Extracted entries section start

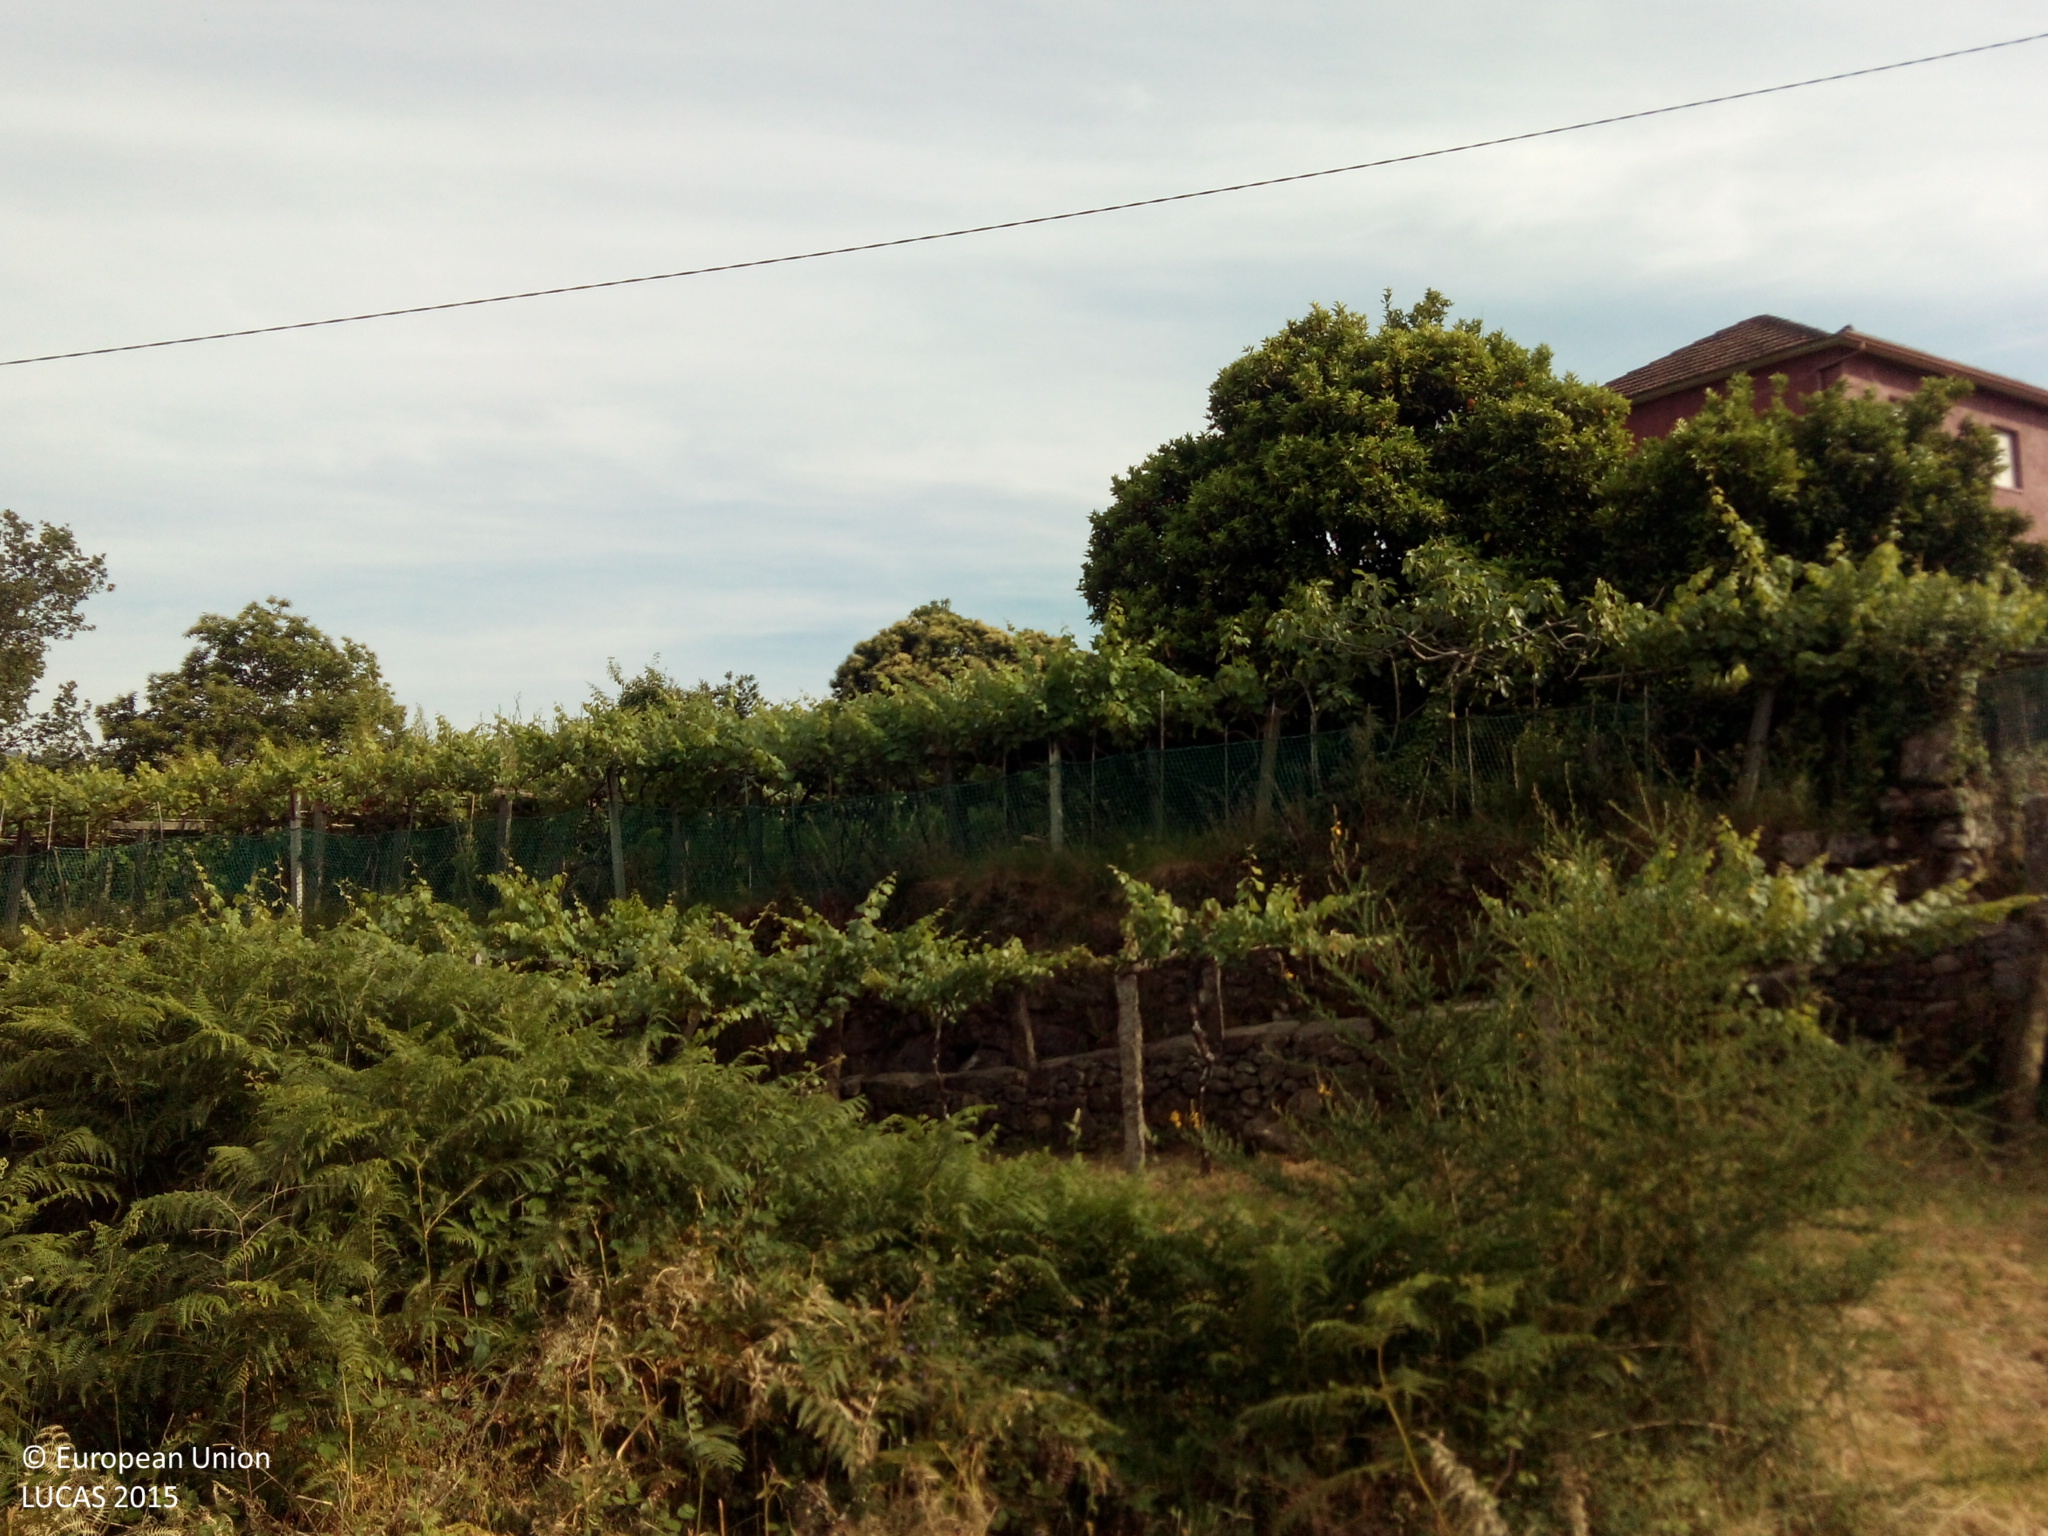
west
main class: Cropland
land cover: Vineyards
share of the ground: 50 - 75 %
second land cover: Grassland without tree/shrub cover
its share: 50 - 75 %
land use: Agriculture (excluding fallow land and kitchen gardens)
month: June
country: ES
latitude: 42.1170
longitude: -8.2893

Extracted entries section end

Could the data above be returned in full, exactly, with every image left out?

west
main class: Cropland
land cover: Vineyards
share of the ground: 50 - 75 %
second land cover: Grassland without tree/shrub cover
its share: 50 - 75 %
land use: Agriculture (excluding fallow land and kitchen gardens)
month: June
country: ES
latitude: 42.1170
longitude: -8.2893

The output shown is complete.